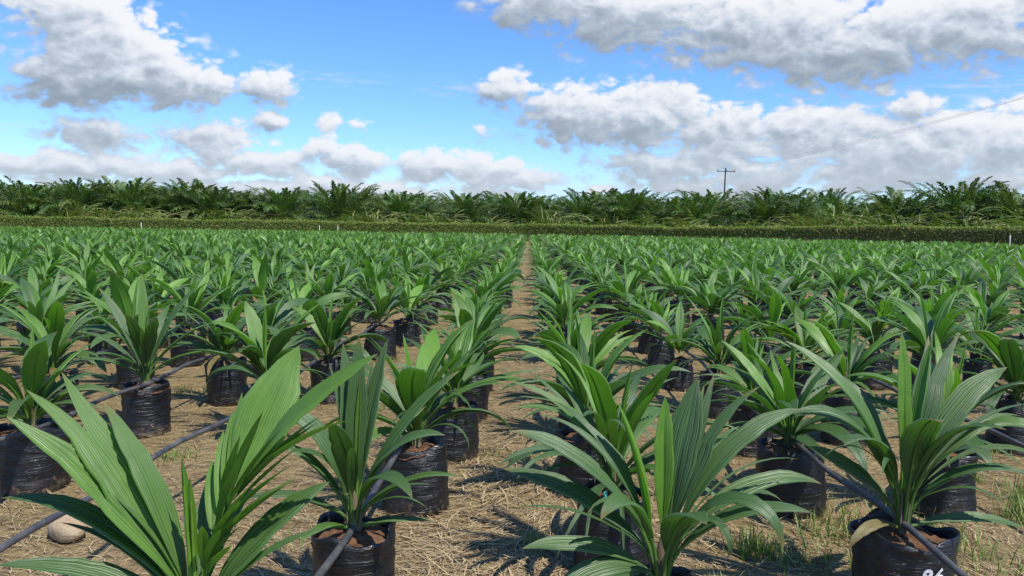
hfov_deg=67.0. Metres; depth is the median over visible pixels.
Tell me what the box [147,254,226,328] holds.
potted palm
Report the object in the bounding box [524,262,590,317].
potted palm
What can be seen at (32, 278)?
potted palm
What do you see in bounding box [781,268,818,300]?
potted palm
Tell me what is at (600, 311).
potted palm
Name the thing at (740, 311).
potted palm
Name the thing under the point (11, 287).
potted palm
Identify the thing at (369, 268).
potted palm
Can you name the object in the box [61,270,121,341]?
potted palm
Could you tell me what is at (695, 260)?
potted palm
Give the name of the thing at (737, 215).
oil palm
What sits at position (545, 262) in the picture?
potted palm
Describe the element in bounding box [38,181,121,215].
oil palm
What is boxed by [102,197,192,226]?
shrub
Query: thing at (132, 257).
potted palm
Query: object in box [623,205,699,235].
shrub
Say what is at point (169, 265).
potted palm
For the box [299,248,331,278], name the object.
potted palm
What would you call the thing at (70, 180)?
oil palm
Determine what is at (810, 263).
potted palm
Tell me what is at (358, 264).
potted palm
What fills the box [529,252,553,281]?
potted palm
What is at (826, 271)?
potted palm
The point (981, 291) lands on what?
potted palm
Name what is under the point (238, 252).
potted palm
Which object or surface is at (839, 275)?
potted palm
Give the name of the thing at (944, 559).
irrigation pipe
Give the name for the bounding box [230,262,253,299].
potted palm
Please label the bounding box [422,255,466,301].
potted palm
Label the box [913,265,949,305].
potted palm
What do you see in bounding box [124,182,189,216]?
oil palm
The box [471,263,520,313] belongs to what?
potted palm
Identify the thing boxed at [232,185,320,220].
oil palm
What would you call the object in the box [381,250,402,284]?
potted palm
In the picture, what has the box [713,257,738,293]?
potted palm
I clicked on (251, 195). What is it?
oil palm
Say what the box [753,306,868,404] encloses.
potted palm
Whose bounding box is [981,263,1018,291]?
potted palm
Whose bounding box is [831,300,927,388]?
potted palm
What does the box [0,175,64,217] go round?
oil palm
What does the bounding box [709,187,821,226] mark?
oil palm
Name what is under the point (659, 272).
potted palm
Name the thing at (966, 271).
potted palm
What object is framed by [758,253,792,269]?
potted palm
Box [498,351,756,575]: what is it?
potted palm
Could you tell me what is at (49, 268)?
potted palm
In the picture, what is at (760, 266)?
potted palm
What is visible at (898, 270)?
potted palm
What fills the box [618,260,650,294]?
potted palm
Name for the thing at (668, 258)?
potted palm
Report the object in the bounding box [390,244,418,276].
potted palm
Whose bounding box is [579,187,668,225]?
oil palm
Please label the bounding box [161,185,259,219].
oil palm
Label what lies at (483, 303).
potted palm
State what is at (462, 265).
potted palm
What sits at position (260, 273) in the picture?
potted palm
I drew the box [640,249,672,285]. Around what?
potted palm
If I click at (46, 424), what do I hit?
irrigation pipe
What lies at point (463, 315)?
potted palm
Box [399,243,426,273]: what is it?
potted palm
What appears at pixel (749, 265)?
potted palm
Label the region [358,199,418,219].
oil palm
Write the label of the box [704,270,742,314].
potted palm
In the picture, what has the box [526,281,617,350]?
potted palm
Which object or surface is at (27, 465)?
potted palm
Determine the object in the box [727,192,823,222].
oil palm
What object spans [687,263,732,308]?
potted palm
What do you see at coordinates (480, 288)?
potted palm
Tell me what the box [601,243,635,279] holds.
potted palm
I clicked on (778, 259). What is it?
potted palm
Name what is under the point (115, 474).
potted palm
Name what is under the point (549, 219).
shrub
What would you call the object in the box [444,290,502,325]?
potted palm
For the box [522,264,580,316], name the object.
potted palm
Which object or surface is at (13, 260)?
potted palm
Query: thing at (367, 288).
potted palm
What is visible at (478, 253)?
potted palm
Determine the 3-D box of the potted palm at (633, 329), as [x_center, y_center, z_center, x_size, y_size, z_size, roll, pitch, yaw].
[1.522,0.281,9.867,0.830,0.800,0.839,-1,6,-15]
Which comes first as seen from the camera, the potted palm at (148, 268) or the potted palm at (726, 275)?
the potted palm at (148, 268)
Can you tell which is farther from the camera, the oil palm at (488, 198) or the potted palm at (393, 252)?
the oil palm at (488, 198)
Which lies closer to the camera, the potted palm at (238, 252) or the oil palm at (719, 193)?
the potted palm at (238, 252)
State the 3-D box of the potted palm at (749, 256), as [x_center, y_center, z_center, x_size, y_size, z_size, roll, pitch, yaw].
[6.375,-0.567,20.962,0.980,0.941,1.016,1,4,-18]
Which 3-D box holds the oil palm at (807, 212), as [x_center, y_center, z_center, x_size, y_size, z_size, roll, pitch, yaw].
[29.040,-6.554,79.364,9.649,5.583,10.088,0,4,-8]
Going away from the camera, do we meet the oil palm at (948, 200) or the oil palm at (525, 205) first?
the oil palm at (948, 200)
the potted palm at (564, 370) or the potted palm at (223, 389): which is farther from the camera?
the potted palm at (223, 389)
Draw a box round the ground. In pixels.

• Goal of the exercise: The entries above should be given again exactly, minus any pictures.

• Response to the task:
hfov_deg=67.0. Metres; depth is the median over visible pixels.
Tell me what the box [147,254,226,328] holds.
potted palm
Report the object in the bounding box [524,262,590,317].
potted palm
What can be seen at (32, 278)?
potted palm
What do you see in bounding box [781,268,818,300]?
potted palm
Tell me what is at (600, 311).
potted palm
Name the thing at (740, 311).
potted palm
Name the thing under the point (11, 287).
potted palm
Identify the thing at (369, 268).
potted palm
Can you name the object in the box [61,270,121,341]?
potted palm
Could you tell me what is at (695, 260)?
potted palm
Give the name of the thing at (737, 215).
oil palm
What sits at position (545, 262) in the picture?
potted palm
Describe the element in bounding box [38,181,121,215].
oil palm
What is boxed by [102,197,192,226]?
shrub
Query: thing at (132, 257).
potted palm
Query: object in box [623,205,699,235].
shrub
Say what is at point (169, 265).
potted palm
For the box [299,248,331,278], name the object.
potted palm
What would you call the thing at (70, 180)?
oil palm
Determine what is at (810, 263).
potted palm
Tell me what is at (358, 264).
potted palm
What fills the box [529,252,553,281]?
potted palm
What is at (826, 271)?
potted palm
The point (981, 291) lands on what?
potted palm
Name what is under the point (238, 252).
potted palm
Which object or surface is at (839, 275)?
potted palm
Give the name of the thing at (944, 559).
irrigation pipe
Give the name for the bounding box [230,262,253,299].
potted palm
Please label the bounding box [422,255,466,301].
potted palm
Label the box [913,265,949,305].
potted palm
What do you see in bounding box [124,182,189,216]?
oil palm
The box [471,263,520,313] belongs to what?
potted palm
Identify the thing boxed at [232,185,320,220].
oil palm
What would you call the object in the box [381,250,402,284]?
potted palm
In the picture, what has the box [713,257,738,293]?
potted palm
I clicked on (251, 195). What is it?
oil palm
Say what the box [753,306,868,404] encloses.
potted palm
Whose bounding box is [981,263,1018,291]?
potted palm
Whose bounding box is [831,300,927,388]?
potted palm
What does the box [0,175,64,217] go round?
oil palm
What does the bounding box [709,187,821,226] mark?
oil palm
Name what is under the point (659, 272).
potted palm
Name the thing at (966, 271).
potted palm
What object is framed by [758,253,792,269]?
potted palm
Box [498,351,756,575]: what is it?
potted palm
Could you tell me what is at (49, 268)?
potted palm
In the picture, what is at (760, 266)?
potted palm
What is visible at (898, 270)?
potted palm
What fills the box [618,260,650,294]?
potted palm
Name for the thing at (668, 258)?
potted palm
Report the object in the bounding box [390,244,418,276].
potted palm
Whose bounding box is [579,187,668,225]?
oil palm
Please label the bounding box [161,185,259,219].
oil palm
Label what lies at (483, 303).
potted palm
State what is at (462, 265).
potted palm
What sits at position (260, 273) in the picture?
potted palm
I drew the box [640,249,672,285]. Around what?
potted palm
If I click at (46, 424), what do I hit?
irrigation pipe
What lies at point (463, 315)?
potted palm
Box [399,243,426,273]: what is it?
potted palm
What appears at pixel (749, 265)?
potted palm
Label the region [358,199,418,219].
oil palm
Write the label of the box [704,270,742,314].
potted palm
In the picture, what has the box [526,281,617,350]?
potted palm
Which object or surface is at (27, 465)?
potted palm
Determine the object in the box [727,192,823,222].
oil palm
What object spans [687,263,732,308]?
potted palm
What do you see at coordinates (480, 288)?
potted palm
Tell me what the box [601,243,635,279] holds.
potted palm
I clicked on (778, 259). What is it?
potted palm
Name what is under the point (115, 474).
potted palm
Name what is under the point (549, 219).
shrub
What would you call the object in the box [444,290,502,325]?
potted palm
For the box [522,264,580,316], name the object.
potted palm
Which object or surface is at (13, 260)?
potted palm
Query: thing at (367, 288).
potted palm
What is visible at (478, 253)?
potted palm
Determine the 3-D box of the potted palm at (633, 329), as [x_center, y_center, z_center, x_size, y_size, z_size, roll, pitch, yaw].
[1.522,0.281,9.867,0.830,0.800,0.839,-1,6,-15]
Which comes first as seen from the camera, the potted palm at (148, 268) or the potted palm at (726, 275)?
the potted palm at (148, 268)
Can you tell which is farther from the camera, the oil palm at (488, 198) or the potted palm at (393, 252)?
the oil palm at (488, 198)
Which lies closer to the camera, the potted palm at (238, 252) or the oil palm at (719, 193)?
the potted palm at (238, 252)
State the 3-D box of the potted palm at (749, 256), as [x_center, y_center, z_center, x_size, y_size, z_size, roll, pitch, yaw].
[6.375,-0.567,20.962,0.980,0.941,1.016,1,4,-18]
Which 3-D box holds the oil palm at (807, 212), as [x_center, y_center, z_center, x_size, y_size, z_size, roll, pitch, yaw].
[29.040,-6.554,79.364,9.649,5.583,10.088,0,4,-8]
Going away from the camera, do we meet the oil palm at (948, 200) or the oil palm at (525, 205) first?
the oil palm at (948, 200)
the potted palm at (564, 370) or the potted palm at (223, 389): which is farther from the camera?
the potted palm at (223, 389)
Draw a box round the ground. In pixels.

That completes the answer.